The data:
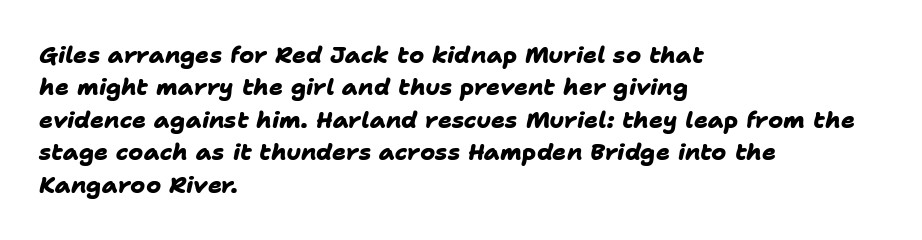
Teacher's note: observe the even left margin — that is flush-left alignment. This is heavy type, rendered in bold. Compared with typical body copy, the letter spacing here is the same. Is there much room between lines? A standard amount, neither cramped nor airy. Lines of text with bare space underneath.
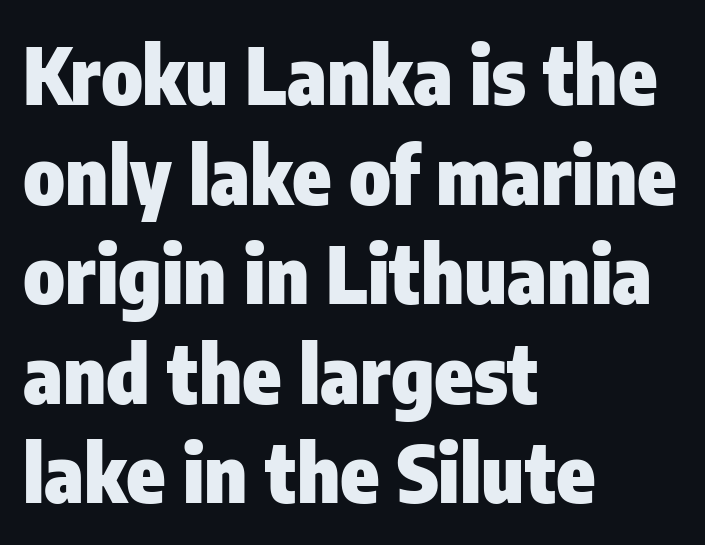
The image shows 79 px heavy, condensed sans-serif type, upright; set left-aligned, normal line spacing (1.26x), normal letter spacing, not underlined; low stroke contrast and a medium x-height.
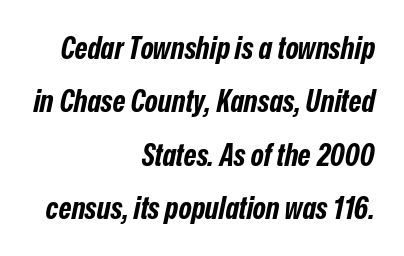
A flush-right, rag-left setting is used for this passage. The specimen omits any rule beneath the text block's lines. Letter spacing: default. Each glyph is drawn with heavy, bold strokes.
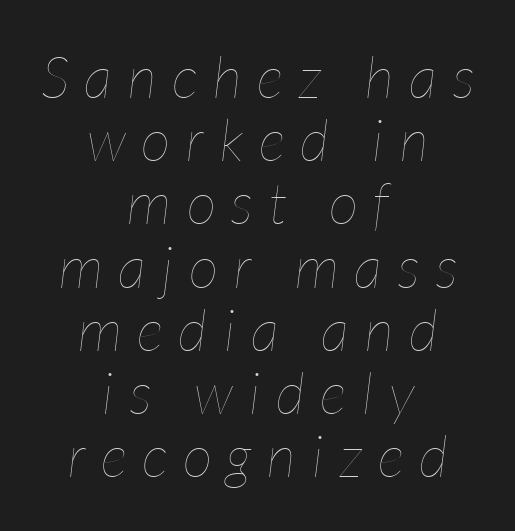
The paragraph shown floats in the horizontal middle. A quiet, ordinary-to-light weight characterises the typeface. There is plenty of visible air inserted between adjacent glyphs. The foot of each line stays bare and open. This block would grow much taller if given ordinary leading; it's compressed now. Character widths vary here, with narrow letters taking less room than wide ones.
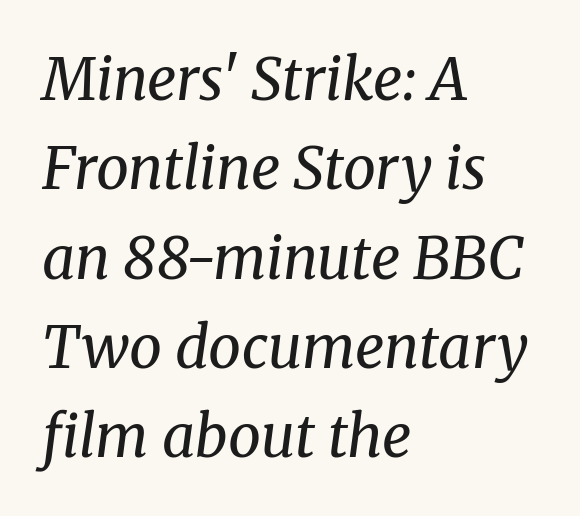
The rendering shows small feet on the letterforms — a serif design. Is this a fixed-width face? No — the glyphs have proportional, varying widths. Stems here are at most as thick as an everyday book face. The foot of each line stays bare and open.
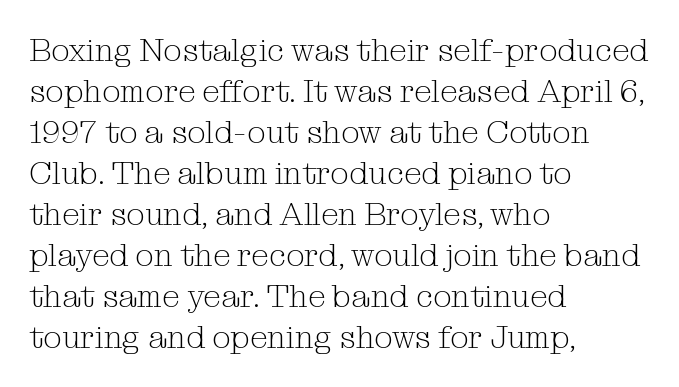
Small tapered or slab feet sit at the stroke ends, so this counts as serif. If you drew a line through each stem, it would be perfectly vertical. How are the letters spaced? Ordinarily, with no added tracking. The characters are drawn with everyday or finer stroke widths. Students, observe: this is what conventionally led text looks like. Is this a fixed-width face? No — the glyphs have proportional, varying widths.
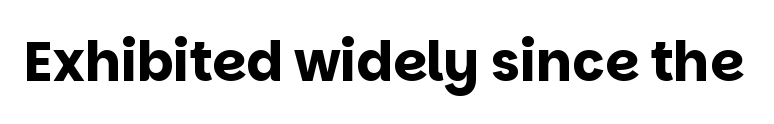
Q: Is the text bold? A: Yes.
Q: Is the text italic (slanted)? A: No, it is upright.
Q: Is the typeface a serif or a sans-serif typeface? A: Sans-serif.
Q: Is the text underlined? A: No.
Q: Is the spacing between letters normal or unusually wide? A: Normal.
Q: Width (condensed, normal, or wide)? A: Normal.
Q: Stroke contrast? A: Low.
Q: x-height? A: Large.
Q: Monospaced? A: No.
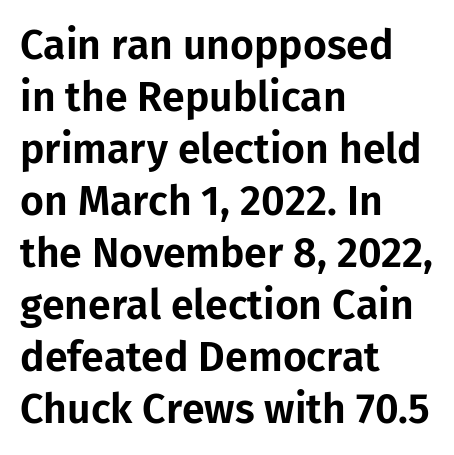
{"serif": "no", "italic": "no", "width": "normal", "stroke_contrast": "low", "x_height": "medium", "monospaced": "no", "underline": "no", "align": "left", "line_spacing": "normal", "line_spacing_ratio": 1.27, "letter_spacing": "normal", "letter_spacing_em": 0.0, "glyph_px": 41}
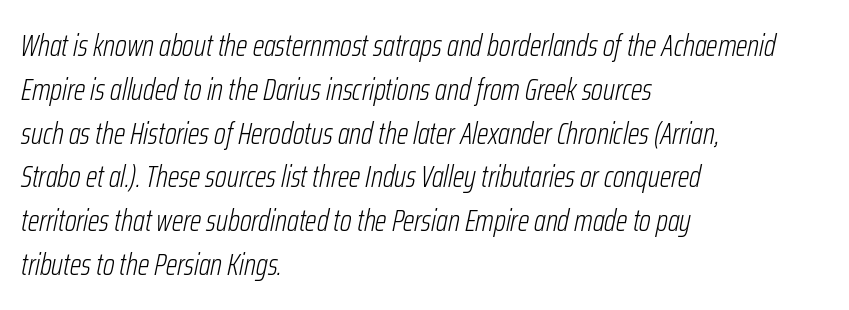
Q: Is the text bold? A: No.
Q: Is the text italic (slanted)? A: Yes, it leans right by about 12 degrees.
Q: Is the text underlined? A: No.
Q: How is the paragraph aligned? A: Left-aligned.
Q: Is the spacing between letters normal or unusually wide? A: Normal.
Q: Is the spacing between lines tight, normal or loose? A: Normal.
Q: Width (condensed, normal, or wide)? A: Condensed.
Q: Stroke contrast? A: Low.
Q: x-height? A: Medium.
Q: Monospaced? A: No.
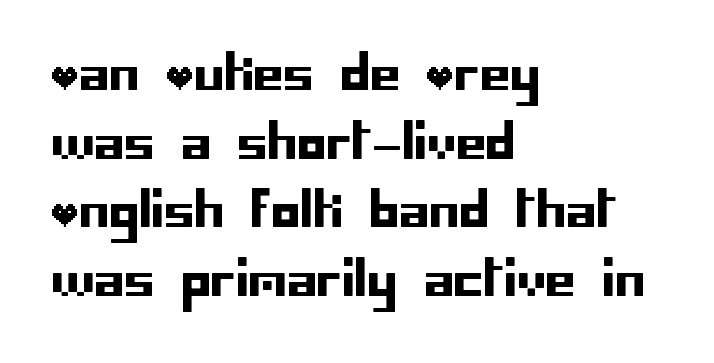
{"serif": "no", "italic": "no", "width": "normal", "stroke_contrast": "low", "x_height": "large", "underline": "no", "align": "left", "line_spacing": "normal", "line_spacing_ratio": 1.43, "letter_spacing": "normal", "letter_spacing_em": 0.0, "glyph_px": 48}
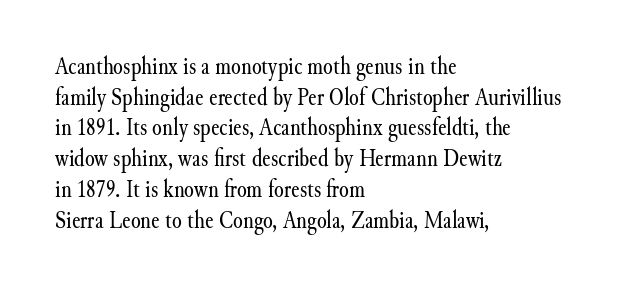
The image shows 25 px text type, upright; set left-aligned, line spacing 1.23x, normal letter spacing, not underlined.
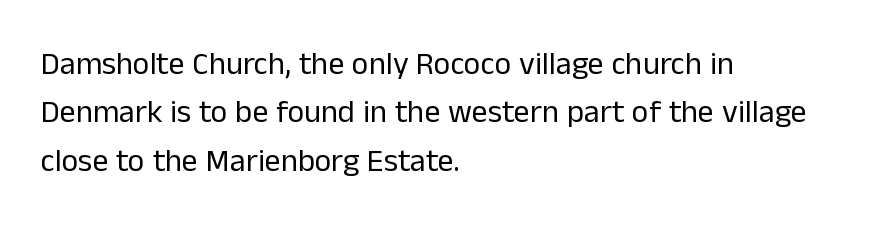
{"serif": "no", "italic": "no", "bold": "no", "weight": "regular", "width": "normal", "stroke_contrast": "low", "x_height": "medium", "monospaced": "no", "underline": "no", "align": "left", "line_spacing": "normal", "line_spacing_ratio": 1.51, "letter_spacing": "normal", "letter_spacing_em": 0.0, "glyph_px": 32}
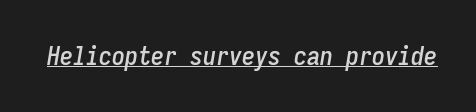
No extra tracking has been applied to these lines. Every character sits at an angle, as italics do. Students, observe the line beneath the letters — that is underlining.
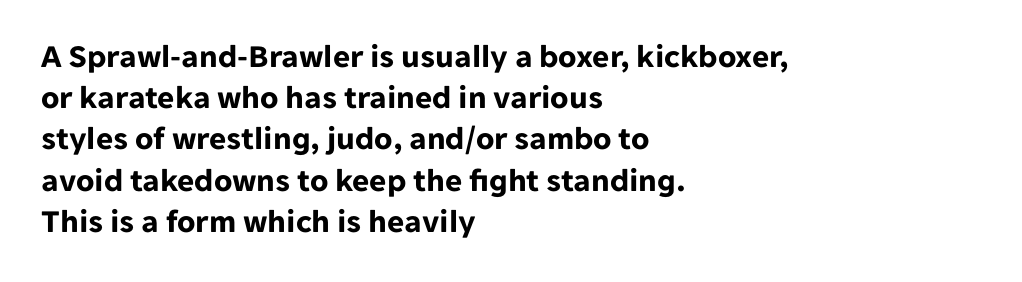
Q: Is the text bold? A: Yes.
Q: Is the text italic (slanted)? A: No, it is upright.
Q: Is the typeface a serif or a sans-serif typeface? A: Sans-serif.
Q: Is the text underlined? A: No.
Q: How is the paragraph aligned? A: Left-aligned.
Q: Is the spacing between letters normal or unusually wide? A: Normal.
Q: Is the spacing between lines tight, normal or loose? A: Normal.
Q: Width (condensed, normal, or wide)? A: Normal.
Q: Stroke contrast? A: Low.
Q: x-height? A: Medium.
Q: Monospaced? A: No.
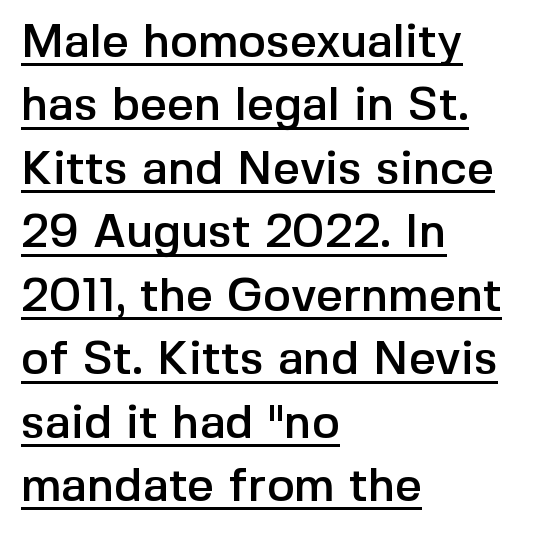
The image shows 47 px sans-serif type, upright; set left-aligned, normal line spacing (1.35x), normal letter spacing, underlined; a medium x-height.
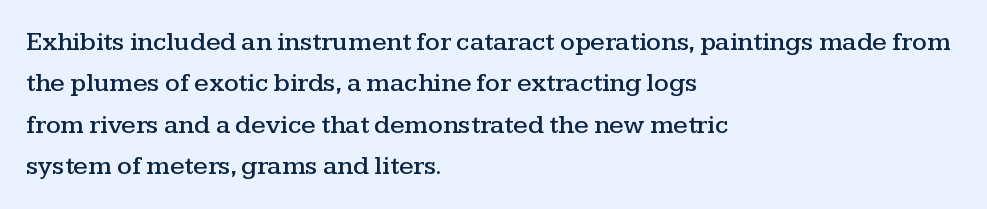
Honestly, there is no underline to notice here at all. Nothing unusual about the tracking: characters are spaced as the font intends. These lines stack with their left ends in a neat column. Posture: vertical. Normally led — the rows are evenly, conventionally spaced.
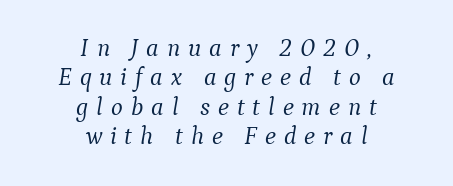
The text block is weighted toward neither margin, spreading evenly from the middle. Stroke thickness stays within the range of a standard reading face or lighter. Someone cranked the tracking dial way up on this one. Yep, that's italic — everything's leaning. Underlining? Definitely not there.
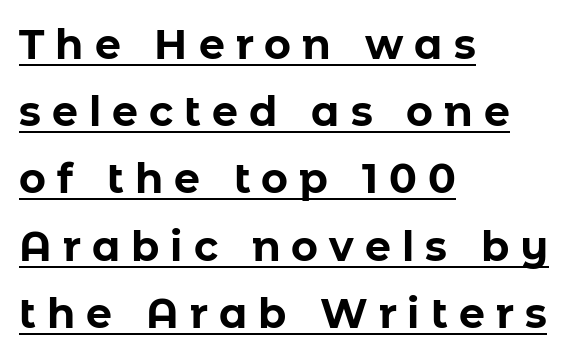
The image shows 41 px bold sans-serif type, upright; set left-aligned, normal line spacing (1.64x), unusually wide letter spacing (+0.27 em), underlined; low stroke contrast and a medium x-height.
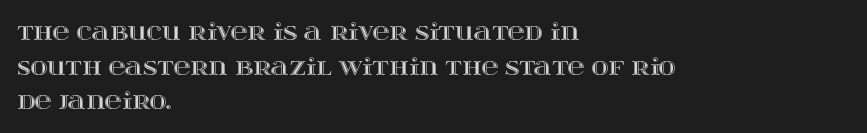
Students, observe: this is what conventionally led text looks like. Has an underline been added? It has not. Words appear dense and cohesive because spacing is normal. If you drew a ruler down the left edge, every line would touch it.
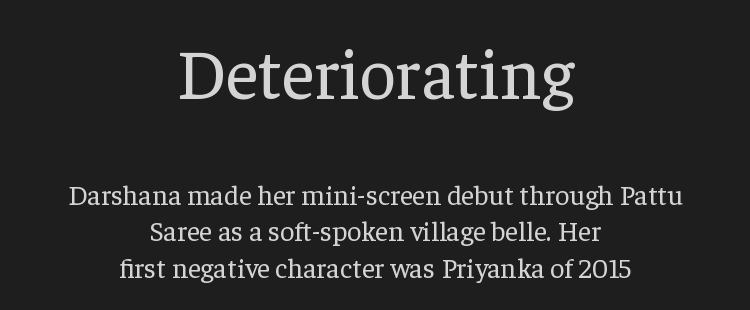
A normal amount of white space separates one row of letters from the next. Rendered with straight, roman letterforms. Do the characters align in a grid? No, the font is proportional. What kind of face is this? One with serifs. Spacing between characters is what you'd get straight out of the box.
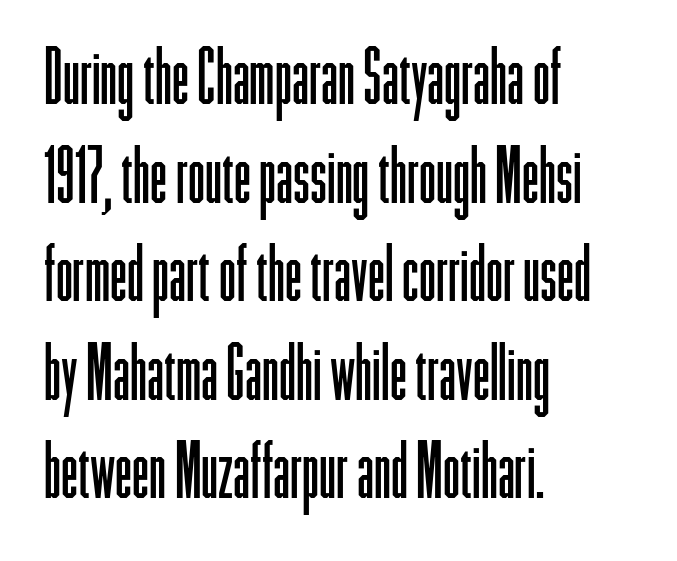
Q: Is the text bold? A: No.
Q: Is the text italic (slanted)? A: No, it is upright.
Q: Is the typeface a serif or a sans-serif typeface? A: Sans-serif.
Q: Is the text underlined? A: No.
Q: How is the paragraph aligned? A: Left-aligned.
Q: Is the spacing between letters normal or unusually wide? A: Normal.
Q: Is the spacing between lines tight, normal or loose? A: Normal.
Q: Width (condensed, normal, or wide)? A: Condensed.
Q: Stroke contrast? A: Low.
Q: x-height? A: Medium.
Q: Monospaced? A: No.
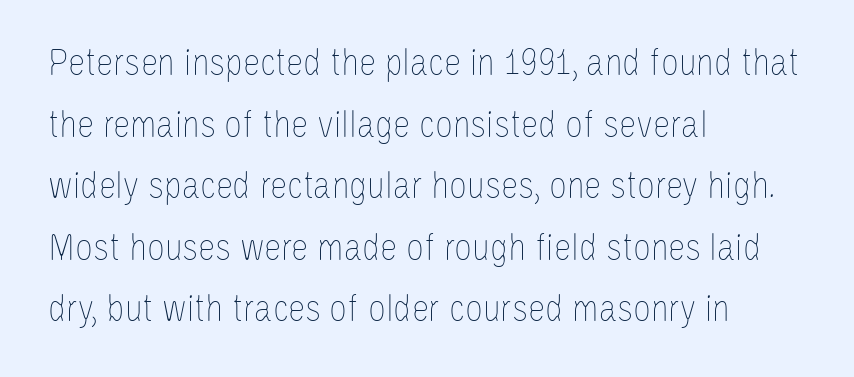
{"italic": "no", "bold": "no", "weight": "thin", "width": "condensed", "stroke_contrast": "low", "x_height": "large", "monospaced": "no", "underline": "no", "align": "left", "line_spacing": "normal", "line_spacing_ratio": 1.58, "letter_spacing": "normal", "letter_spacing_em": 0.0, "glyph_px": 39}
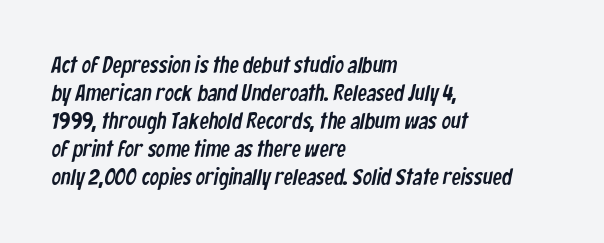
The image shows 23 px text type; set left-aligned, line spacing 1.22x, normal letter spacing, not underlined.
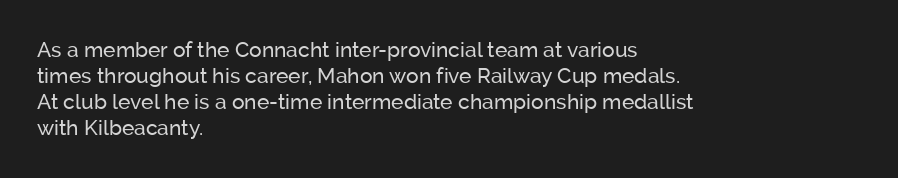
Q: Is the text bold? A: No.
Q: Is the text italic (slanted)? A: No, it is upright.
Q: Is the text underlined? A: No.
Q: How is the paragraph aligned? A: Left-aligned.
Q: Is the spacing between letters normal or unusually wide? A: Normal.

What you will do:
Using the entries above, tally how many lines have the word "beneath" in them; write the number and nothing more.

Answer:
2